Hal ini karena perawakan pisik Ompu Datu Hurimjon Hutagalung berbadan
besar dan tinggi dengan Kharisma Spritual. Anak-anaknya juga
berperawakan yang sama dengan beliau sehingga salah satu anaknya diberi
nama Raja Ompu Timbo.
Karena ulah Kolonial Belanda penduduk pribumi melakukan pemberontakan
didaerah pesisir Barat Sumatera Utara, dari tahun 1675 – 1678 maka Ompu
Datu Hirinjom bersama anaknya Raja Ompu Timbo memindahkan pemukimannya
ke MelaDolok kemudian ke daerah lereng dan bukit Simare-mare sehingga
rute perjalanan Parlanja Sira beralih dari Silindung menuju Aek Raisan
terus ke Simaninggir ke Mela Dolok terus ke Simare-mare menuju Pulo
Rembang hingga ke Pulo Poncan, namun demikian julukan Si Balga tetap
menjadi sebutan oleh Parlanja Sira apabila ingin melepaskan lelah
walaupun pemukiman Ompu Datu Hurinjom bersama anaknya telah berada
disekitar Mela Dolok.
Karena Persaingan dagang di Teluk Tapian Nauli semakin tinggi maka Raja
Luka anak Raja Ompu Timbo mulai mengembangkan wilayah pemukiman ke
daerah Pantai disekitar Sungai Aek Doras yaitu kawasan Kantor Pos dan
Gedung Nasional yang ada pada saat ini. Keberanian Raja Luka menerobos
dan mendorong pengembangan pemukiman kearah pantai dalam situasi komplik
disekitar Pantai Teluk Tapian Nauli merupakan lambang keberanian dan
kegagahan yang luar biasa, sehingga beliau mendapat julukan Tuanku
Dorong. Suatu gelar kehormatan bagi pemimpin yang membela negerinya.

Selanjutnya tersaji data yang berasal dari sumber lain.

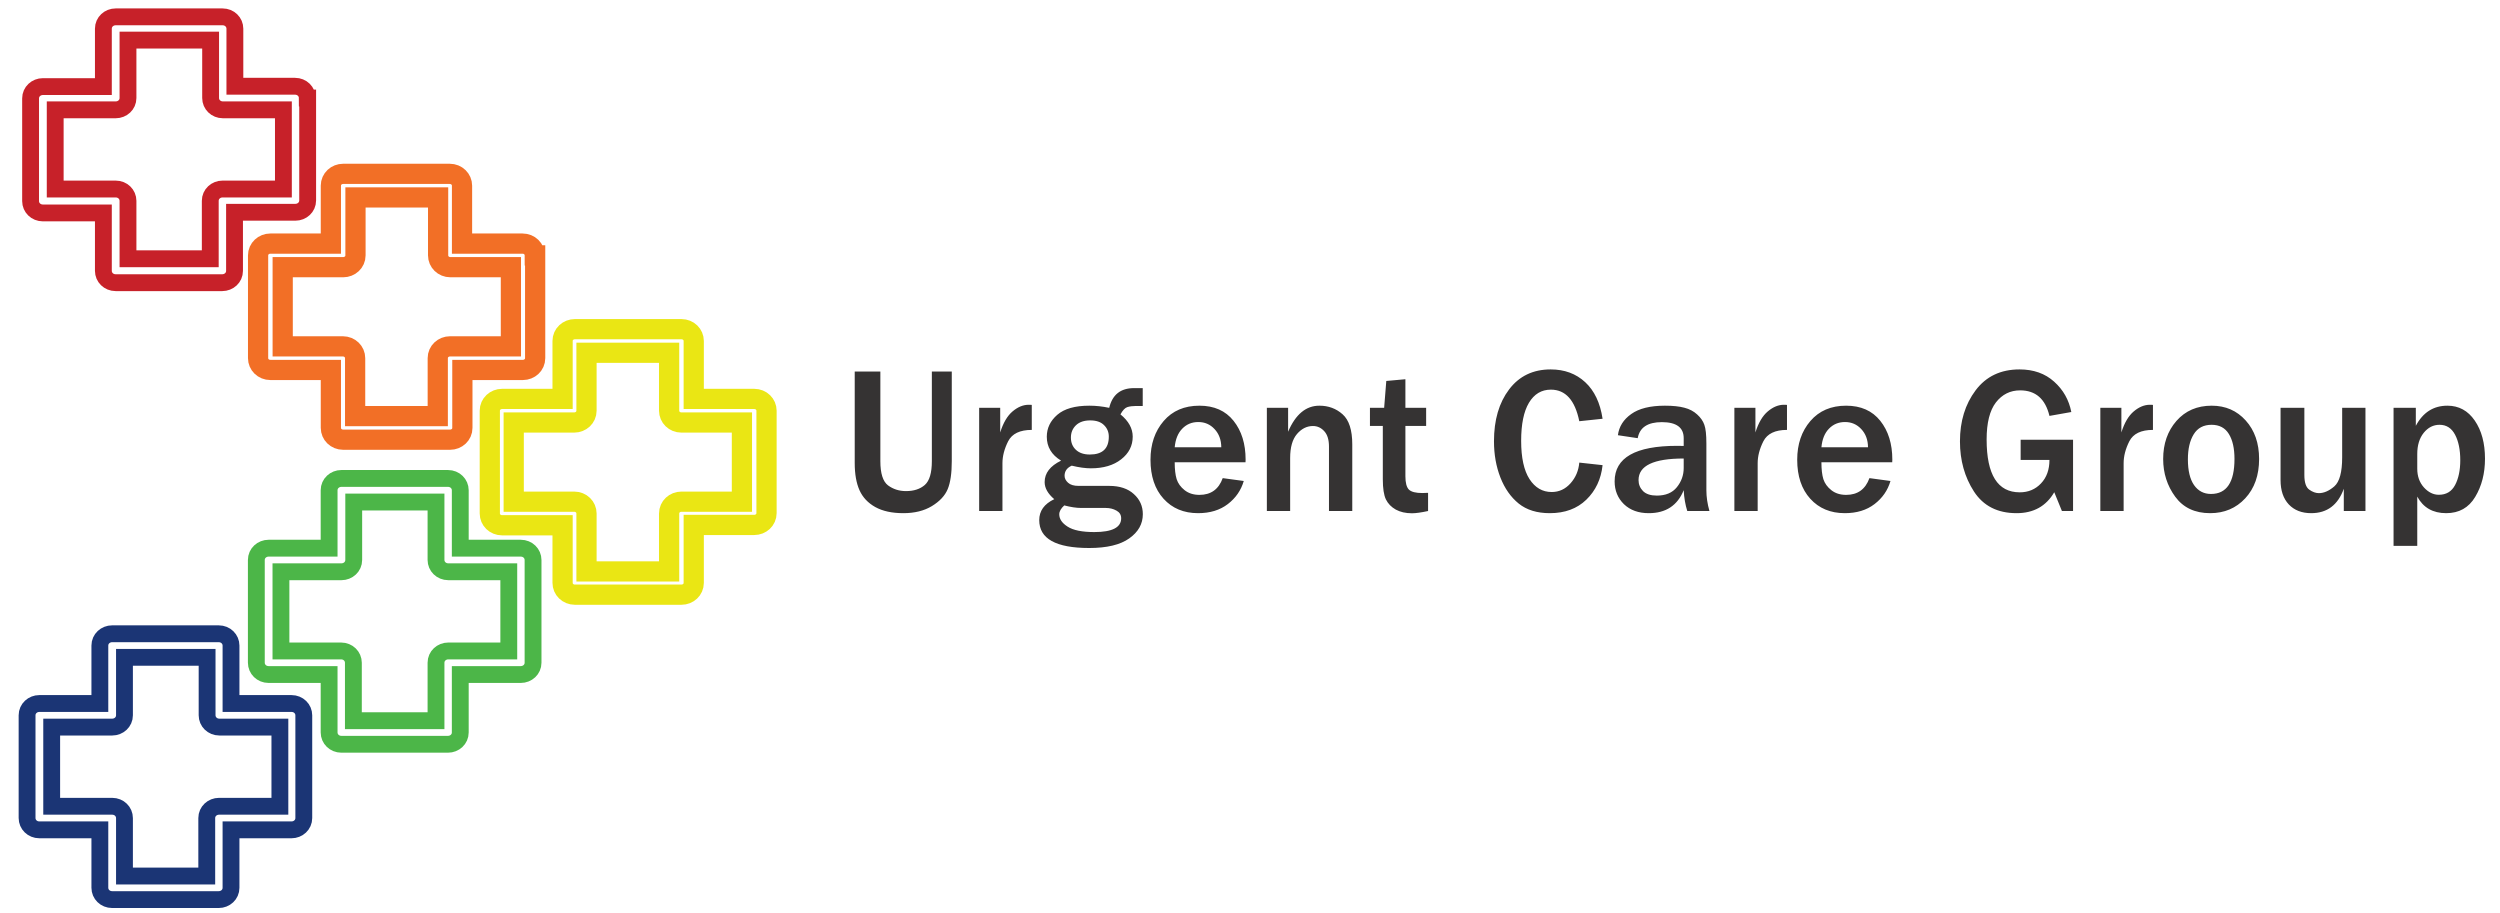 <svg xmlns="http://www.w3.org/2000/svg" width="742" height="271" viewBox="0 0 742 271" fill="none"><path d="M91.21 29.1C91.21 27.2 89.645 25.6 87.558 25.6H69.712V8.5C69.712 6.6 68.147 5 66.06 5H34.334C32.351 5 30.682 6.5 30.682 8.5V25.7H12.732C10.749 25.7 9.079 27.2 9.079 29.2C9.079 29.2 9.079 29.2 9.079 29.3C9.079 29.3 9.079 29.3 9.079 29.4V59.7C9.079 61.6 10.645 63.2 12.732 63.2H30.682V80.4C30.682 82.3 32.247 83.9 34.334 83.9H65.955C67.938 83.9 69.608 82.4 69.608 80.4V63H87.662C89.645 63 91.315 61.5 91.315 59.5C91.315 59.5 91.315 59.5 91.315 59.4C91.315 59.4 91.315 59.4 91.315 59.3V29.1H91.21ZM84.01 56.1H66.06C64.077 56.1 62.407 57.6 62.407 59.6V76.8H37.987V59.6C37.987 57.7 36.421 56.1 34.334 56.1H16.384V32.6H34.334C36.317 32.6 37.987 31.1 37.987 29.1V11.9H62.511V29.1C62.511 31 64.077 32.6 66.164 32.6H84.114V56.1H84.01Z" stroke="#C72129" stroke-width="5" stroke-miterlimit="10"></path><path d="M158.731 75.8C158.731 73.9 157.166 72.3 155.079 72.3H137.129V55.1C137.129 53.2 135.564 51.6 133.476 51.6H101.855C99.872 51.6 98.203 53.1 98.203 55.1V72.3H80.253C78.27 72.3 76.6 73.8 76.6 75.8C76.6 75.8 76.6 75.8 76.6 75.9C76.6 75.9 76.6 75.9 76.6 76V106.3C76.6 108.2 78.165 109.8 80.253 109.8H98.203V127C98.203 128.9 99.768 130.5 101.855 130.5H133.581C135.564 130.5 137.233 129 137.233 127V109.8H155.183C157.166 109.8 158.836 108.3 158.836 106.3C158.836 106.3 158.836 106.3 158.836 106.2C158.836 106.2 158.836 106.2 158.836 106.1V75.8H158.731ZM151.531 102.8H133.581C131.598 102.8 129.928 104.3 129.928 106.3V123.5H105.403V106.3C105.403 104.4 103.838 102.8 101.751 102.8H83.905V79.3H101.855C103.838 79.3 105.508 77.8 105.508 75.8V58.6H130.032V75.8C130.032 77.7 131.598 79.3 133.685 79.3H151.635V102.8H151.531Z" stroke="#F26F26" stroke-width="6" stroke-miterlimit="10"></path><path d="M227.505 121.9C227.505 120 225.939 118.4 223.852 118.4H205.902V101.2C205.902 99.3 204.337 97.7 202.25 97.7H170.629C168.646 97.7 166.976 99.2 166.976 101.2V118.4H149.026C147.043 118.4 145.374 119.9 145.374 121.9C145.374 121.9 145.374 121.9 145.374 122C145.374 122 145.374 122 145.374 122.1V152.4C145.374 154.3 146.939 155.9 149.026 155.9H166.976V173C166.976 174.9 168.541 176.5 170.629 176.5H202.25C204.233 176.5 205.902 175 205.902 173V155.8H223.852C225.835 155.8 227.505 154.3 227.505 152.3C227.505 152.3 227.505 152.3 227.505 152.2C227.505 152.2 227.505 152.2 227.505 152.1V121.9ZM220.2 148.9H202.25C200.267 148.9 198.597 150.4 198.597 152.4V169.6H174.073V152.4C174.073 150.5 172.507 148.9 170.42 148.9H152.47V125.4H170.42C172.403 125.4 174.073 123.9 174.073 121.9V104.7H198.597V121.9C198.597 123.8 200.163 125.4 202.25 125.4H220.2V148.9Z" stroke="#EAE614" stroke-width="6" stroke-miterlimit="10"></path><path d="M158.21 166.2C158.21 164.3 156.645 162.7 154.557 162.7H136.607V145.5C136.607 143.6 135.042 142 132.955 142H101.334C99.351 142 97.681 143.5 97.681 145.5V162.7H79.731C77.748 162.7 76.079 164.2 76.079 166.2C76.079 166.2 76.079 166.2 76.079 166.3C76.079 166.3 76.079 166.3 76.079 166.4V196.7C76.079 198.6 77.644 200.2 79.731 200.2H97.681V217.4C97.681 219.3 99.246 220.9 101.334 220.9H132.955C134.938 220.9 136.607 219.4 136.607 217.4V200.2H154.557C156.54 200.2 158.21 198.7 158.21 196.7C158.21 196.7 158.21 196.7 158.21 196.6C158.21 196.6 158.21 196.6 158.21 196.5V166.2ZM151.009 193.2H133.059C131.076 193.2 129.407 194.7 129.407 196.7V213.9H104.882V196.7C104.882 194.8 103.317 193.2 101.229 193.2H83.384V169.7H101.334C103.317 169.7 104.986 168.2 104.986 166.2V149H129.407V166.2C129.407 168.1 130.972 169.7 133.059 169.7H151.009V193.2Z" stroke="#4CB648" stroke-width="5" stroke-miterlimit="10"></path><path d="M90.167 212.3C90.167 210.4 88.602 208.8 86.514 208.8H68.564V191.6C68.564 189.7 66.999 188.1 64.912 188.1H33.291C31.308 188.1 29.638 189.6 29.638 191.6V208.8H11.688C9.705 208.8 8.036 210.3 8.036 212.3C8.036 212.3 8.036 212.3 8.036 212.4C8.036 212.4 8.036 212.4 8.036 212.5V242.8C8.036 244.7 9.601 246.3 11.688 246.3H29.638V263.5C29.638 265.4 31.204 267 33.291 267H64.912C66.895 267 68.564 265.5 68.564 263.5V246.3H86.514C88.497 246.3 90.167 244.8 90.167 242.8C90.167 242.8 90.167 242.8 90.167 242.7C90.167 242.7 90.167 242.7 90.167 242.6V212.3ZM82.966 239.3H65.016C63.033 239.3 61.364 240.8 61.364 242.8V260H36.943V242.8C36.943 240.9 35.378 239.3 33.291 239.3H15.341V215.8H33.291C35.274 215.8 36.943 214.3 36.943 212.3V195.1H61.468V212.3C61.468 214.2 63.033 215.8 65.121 215.8H83.07V239.3H82.966Z" stroke="#1B3575" stroke-width="5" stroke-miterlimit="10"></path><path d="M282.487 110.28V136.873C282.487 140.471 282.083 143.241 281.274 145.182C280.466 147.122 278.899 148.8 276.574 150.215C274.27 151.61 271.449 152.308 268.114 152.308C264.738 152.308 261.958 151.701 259.775 150.488C257.612 149.275 256.055 147.618 255.105 145.515C254.155 143.393 253.68 140.694 253.68 137.419V110.28H261.291V136.873C261.291 140.512 262.049 142.907 263.565 144.06C265.102 145.192 266.881 145.758 268.902 145.758C271.227 145.758 273.087 145.151 274.482 143.938C275.877 142.705 276.574 140.35 276.574 136.873V110.28H282.487ZM297.527 151.671H290.614V121.044H296.86V128.352C297.75 125.502 298.973 123.42 300.529 122.106C302.086 120.792 303.683 120.135 305.32 120.135C305.543 120.135 305.846 120.145 306.23 120.165V127.594C302.713 127.594 300.378 128.716 299.225 130.96C298.093 133.204 297.527 135.377 297.527 137.48V151.671ZM339.161 115.192V120.499H337.038C336.108 120.499 335.29 120.61 334.582 120.832C333.895 121.055 333.218 121.772 332.551 122.985C334.976 124.966 336.189 127.17 336.189 129.596C336.189 132.304 335.047 134.548 332.763 136.327C330.499 138.106 327.497 138.996 323.757 138.996C322.14 138.996 320.249 138.733 318.086 138.207C316.671 138.854 315.964 139.855 315.964 141.209C315.964 141.957 316.307 142.645 316.995 143.271C317.682 143.898 318.723 144.211 320.118 144.211H329.215C332.328 144.211 334.764 145.02 336.523 146.637C338.302 148.234 339.191 150.225 339.191 152.611C339.191 155.502 337.847 157.897 335.158 159.797C332.49 161.698 328.528 162.648 323.272 162.648C313.386 162.648 308.444 159.888 308.444 154.37C308.444 151.64 309.929 149.568 312.901 148.153C311.001 146.536 310.051 144.848 310.051 143.089C310.051 140.421 311.678 138.298 314.933 136.721C312.103 135.003 310.688 132.638 310.688 129.626C310.688 127.079 311.729 124.906 313.811 123.106C315.893 121.307 319.057 120.408 323.302 120.408C325.243 120.408 327.214 120.62 329.215 121.044C330.145 117.143 332.601 115.192 336.583 115.192H339.161ZM323.454 134.902C327.214 134.902 329.094 133.133 329.094 129.596C329.094 128.241 328.619 127.099 327.668 126.169C326.739 125.239 325.374 124.774 323.575 124.774C321.755 124.774 320.34 125.259 319.33 126.23C318.339 127.2 317.844 128.413 317.844 129.868C317.844 131.364 318.339 132.577 319.33 133.507C320.32 134.437 321.695 134.902 323.454 134.902ZM315.873 150.003C314.882 150.913 314.387 151.792 314.387 152.641C314.387 154.036 315.216 155.259 316.873 156.31C318.531 157.382 321.169 157.917 324.788 157.917C330.104 157.917 332.763 156.553 332.763 153.824C332.763 152.813 332.298 152.055 331.368 151.549C330.438 151.024 329.377 150.761 328.184 150.761H320.846C319.451 150.761 317.793 150.508 315.873 150.003ZM362.904 141.907L369.15 142.756C368.342 145.525 366.765 147.81 364.42 149.609C362.075 151.408 359.134 152.308 355.596 152.308C351.351 152.308 347.934 150.882 345.347 148.032C342.759 145.182 341.466 141.32 341.466 136.449C341.466 131.819 342.769 127.988 345.377 124.956C347.985 121.924 351.523 120.408 355.99 120.408C360.357 120.408 363.733 121.904 366.118 124.895C368.504 127.887 369.696 131.728 369.696 136.418L369.666 137.207H348.652C348.652 139.289 348.844 140.957 349.228 142.21C349.633 143.463 350.421 144.555 351.593 145.485C352.766 146.415 354.232 146.88 355.99 146.88C359.407 146.88 361.711 145.222 362.904 141.907ZM362.479 132.749C362.459 130.546 361.792 128.747 360.478 127.352C359.184 125.957 357.577 125.259 355.657 125.259C353.756 125.259 352.17 125.916 350.896 127.23C349.622 128.524 348.874 130.364 348.652 132.749H362.479ZM401.354 151.671H394.44V132.537C394.44 130.515 393.975 128.999 393.045 127.988C392.115 126.957 390.993 126.442 389.679 126.442C387.88 126.442 386.303 127.23 384.949 128.807C383.594 130.384 382.917 132.759 382.917 135.933V151.671H376.004V121.044H382.311V128.14C384.514 122.985 387.607 120.408 391.59 120.408C394.278 120.408 396.573 121.257 398.473 122.955C400.393 124.653 401.354 127.635 401.354 131.9V151.671ZM423.853 146.273V151.671C421.791 152.116 420.194 152.338 419.062 152.338C417.202 152.338 415.605 151.974 414.271 151.246C412.937 150.498 411.957 149.488 411.33 148.214C410.723 146.92 410.42 144.939 410.42 142.271V126.412H406.6V121.044H410.814L411.451 113.069L417.122 112.554V121.044H423.277V126.412H417.122V141.361C417.122 143.281 417.465 144.595 418.153 145.303C418.86 145.99 420.184 146.334 422.125 146.334C422.671 146.334 423.247 146.314 423.853 146.273ZM468.732 137.298L475.645 138.056C475.2 142.2 473.593 145.616 470.824 148.305C468.075 150.973 464.456 152.308 459.968 152.308C456.188 152.308 453.115 151.357 450.75 149.457C448.405 147.557 446.596 144.979 445.322 141.725C444.049 138.47 443.412 134.882 443.412 130.96C443.412 124.653 444.908 119.528 447.9 115.586C450.891 111.624 455.005 109.643 460.241 109.643C464.345 109.643 467.761 110.906 470.49 113.433C473.219 115.96 474.938 119.579 475.645 124.289L468.732 125.017C467.458 118.77 464.648 115.647 460.302 115.647C457.512 115.647 455.339 116.951 453.782 119.559C452.246 122.146 451.478 125.906 451.478 130.839C451.478 135.852 452.307 139.643 453.964 142.21C455.622 144.757 457.815 146.031 460.544 146.031C462.728 146.031 464.587 145.172 466.124 143.453C467.66 141.735 468.529 139.683 468.732 137.298ZM507.363 151.671H500.783C500.197 149.811 499.843 147.749 499.722 145.485C497.882 150.033 494.425 152.308 489.351 152.308C486.299 152.308 483.843 151.418 481.983 149.639C480.143 147.84 479.223 145.586 479.223 142.877C479.223 135.842 485.399 132.325 497.751 132.325C498.236 132.325 498.893 132.335 499.722 132.355V130.05C499.722 126.877 497.559 125.29 493.233 125.29C489.028 125.29 486.642 126.877 486.076 130.05L480.194 129.171C480.517 126.624 481.831 124.532 484.136 122.894C486.44 121.236 489.776 120.408 494.142 120.408C496.508 120.408 498.438 120.61 499.934 121.014C501.43 121.398 502.693 122.065 503.724 123.015C504.755 123.945 505.463 124.966 505.847 126.078C506.251 127.17 506.453 129.03 506.453 131.658V145.485C506.453 147.486 506.757 149.548 507.363 151.671ZM499.722 136.085C490.787 136.085 486.319 138.217 486.319 142.483C486.319 143.756 486.764 144.848 487.653 145.758C488.563 146.647 489.927 147.092 491.747 147.092C494.375 147.092 496.356 146.263 497.69 144.605C499.045 142.928 499.722 141.027 499.722 138.905V136.085ZM521.676 151.671H514.762V121.044H521.009V128.352C521.898 125.502 523.121 123.42 524.678 122.106C526.234 120.792 527.831 120.135 529.469 120.135C529.691 120.135 529.994 120.145 530.378 120.165V127.594C526.861 127.594 524.526 128.716 523.374 130.96C522.242 133.204 521.676 135.377 521.676 137.48V151.671ZM554.849 141.907L561.096 142.756C560.287 145.525 558.71 147.81 556.365 149.609C554.02 151.408 551.079 152.308 547.541 152.308C543.296 152.308 539.88 150.882 537.292 148.032C534.704 145.182 533.411 141.32 533.411 136.449C533.411 131.819 534.715 127.988 537.322 124.956C539.93 121.924 543.468 120.408 547.935 120.408C552.302 120.408 555.678 121.904 558.063 124.895C560.449 127.887 561.642 131.728 561.642 136.418L561.611 137.207H540.597C540.597 139.289 540.789 140.957 541.173 142.21C541.578 143.463 542.366 144.555 543.539 145.485C544.711 146.415 546.177 146.88 547.935 146.88C551.352 146.88 553.656 145.222 554.849 141.907ZM554.425 132.749C554.404 130.546 553.737 128.747 552.423 127.352C551.13 125.957 549.522 125.259 547.602 125.259C545.702 125.259 544.115 125.916 542.841 127.23C541.568 128.524 540.82 130.364 540.597 132.749H554.425ZM615.283 130.505V151.671H611.978L609.704 146.091C607.298 150.235 603.568 152.308 598.514 152.308C592.874 152.308 588.659 150.165 585.87 145.879C583.1 141.593 581.715 136.631 581.715 130.99C581.715 125.027 583.262 119.983 586.355 115.859C589.468 111.715 593.814 109.643 599.394 109.643C603.558 109.643 606.985 110.856 609.673 113.282C612.362 115.687 614.06 118.689 614.768 122.288L608.278 123.44C607.065 118.386 604.165 115.859 599.576 115.859C596.644 115.859 594.249 117.052 592.389 119.437C590.55 121.823 589.63 125.492 589.63 130.445C589.63 140.896 592.905 146.122 599.454 146.122C602.002 146.122 604.104 145.242 605.762 143.484C607.439 141.725 608.278 139.4 608.278 136.509H599.727V130.505H615.283ZM630.293 151.671H623.379V121.044H629.626V128.352C630.515 125.502 631.738 123.42 633.295 122.106C634.852 120.792 636.449 120.135 638.086 120.135C638.308 120.135 638.612 120.145 638.996 120.165V127.594C635.478 127.594 633.143 128.716 631.991 130.96C630.859 133.204 630.293 135.377 630.293 137.48V151.671ZM655.977 152.308C651.448 152.308 647.992 150.68 645.606 147.426C643.221 144.171 642.028 140.441 642.028 136.236C642.028 131.708 643.342 127.938 645.97 124.926C648.618 121.914 652.105 120.408 656.431 120.408C660.535 120.408 663.901 121.873 666.529 124.805C669.177 127.736 670.501 131.546 670.501 136.236C670.501 141.068 669.127 144.959 666.377 147.911C663.648 150.842 660.181 152.308 655.977 152.308ZM656.219 146.607C660.869 146.607 663.194 143.14 663.194 136.206C663.194 133.073 662.638 130.606 661.526 128.807C660.414 126.988 658.706 126.078 656.401 126.078C654.016 126.078 652.247 127.018 651.095 128.898C649.942 130.758 649.366 133.234 649.366 136.327C649.366 139.663 649.973 142.21 651.186 143.969C652.419 145.727 654.097 146.607 656.219 146.607ZM702.068 151.671H695.639V145.06C693.901 149.892 690.676 152.308 685.966 152.308C683.176 152.308 680.963 151.448 679.325 149.73C677.688 147.992 676.869 145.576 676.869 142.483V121.044H683.935V140.997C683.935 143.201 684.42 144.646 685.39 145.333C686.36 146.021 687.311 146.364 688.24 146.364C689.736 146.364 691.263 145.697 692.819 144.363C694.376 143.008 695.154 140.138 695.154 135.751V121.044H702.068V151.671ZM717.442 162.011H710.407V121.044H717.017V126.381C719.14 122.399 722.263 120.408 726.387 120.408C729.783 120.408 732.492 121.883 734.513 124.835C736.535 127.786 737.546 131.556 737.546 136.145C737.546 140.492 736.575 144.272 734.635 147.486C732.714 150.7 729.844 152.308 726.023 152.308C722.081 152.308 719.221 150.67 717.442 147.395V162.011ZM717.442 139.117C717.442 141.341 718.099 143.19 719.413 144.666C720.747 146.122 722.223 146.849 723.84 146.849C726.043 146.849 727.65 145.889 728.661 143.969C729.692 142.028 730.208 139.572 730.208 136.6C730.208 133.487 729.692 130.96 728.661 129.019C727.63 127.059 726.094 126.078 724.052 126.078C722.212 126.078 720.646 126.877 719.352 128.474C718.078 130.071 717.442 132.163 717.442 134.75V139.117Z" fill="#353333"></path></svg>

Gelar tersebut melekat pada Raja Luka sedangkan pengembangan pemukiman
dan wilayah ke arah pantai tetap disebut dengan nama “ Si
Balga “. Atau SI BOLGA
Pembukaan secara resmi tempat ini menjadi pemukiman berlangsung pada
tanggal 2 April 1700 dan sebagai mana lazimnya orang Batak membuka
pemukiman/Kampung yang baru selalu dilengkapi dengan Raja, Pangulima dan
Datu.
Nama Sibolga menjadi populer untuk pemukiman baru ini walaupun pernah
berobah-obah menurut dialek orang yang mengucapkannya bila orang Batak
mengucapkannya SI BALGA atau SI BOLGA, sedangkan orang Pesisir
mengucapkannya SIBOGA sementara orang Belanda dan Inggris mengucapkannya
SIBOUGAH, sedangkan orang Jepang mengucapkannya dengan SIBARUGA karena
orang Jepang susah menyebutkan huruf L
SIBOLGA DALAM PEMBENAHAN
Pada saat Parlanja Sira dari Batak Toba datang ke wilayah Teluk Tapian
Nauli kegiatan perdagangan sudah ada dan berlangsung di Daerah ini
berpusat di Pulau Poncan Ketek. Di Pulau inilah tempat berlabuhnya
Kapal-kapal Dagang sementara yang menguasai Pulau Poncan silih berganti
antara Belanda dan Inggris. Pada Tahun 1755 Inggris mengusir Belanda
dari Pulau Poncan Ketek, lalu mendirikan Benteng pertahanan dan
Pemerintah Inggris dengan mengangkat seorang Datuk yang bernama DATUK
ITAM yang dibawa dari Bengkulu untuk membantu dalam urusan Pasar dan
membawahi Pangulu Jambur atau Etnik yang ada di Pulau Poncan. Datuk ini
terkenal dengan sebutan Datuk Itam dan dikenal pula dengan sebutan
Datuk Pasar, sesuai dengan Jabatannya.
Dalam menata hubungan Raja Sibolga dengan Tetangga John Prince Residen
Inggris meminta agar diadakan Perjanjian Bersama antar Raja-raja dengan
Residen terutamadalam mengatasi perselisihan, dan penataan
Pengembangan Wilayah. Perjanjian ini disebut Perjanjian TIGO BA DUSANAK
berlangsung pada tanggal 11 Maret 1815. Perjanjian ini dilakukan antara
Raja-raja di Teluk Tapian Nauli dengan Raja-raja di daerah Tetangga.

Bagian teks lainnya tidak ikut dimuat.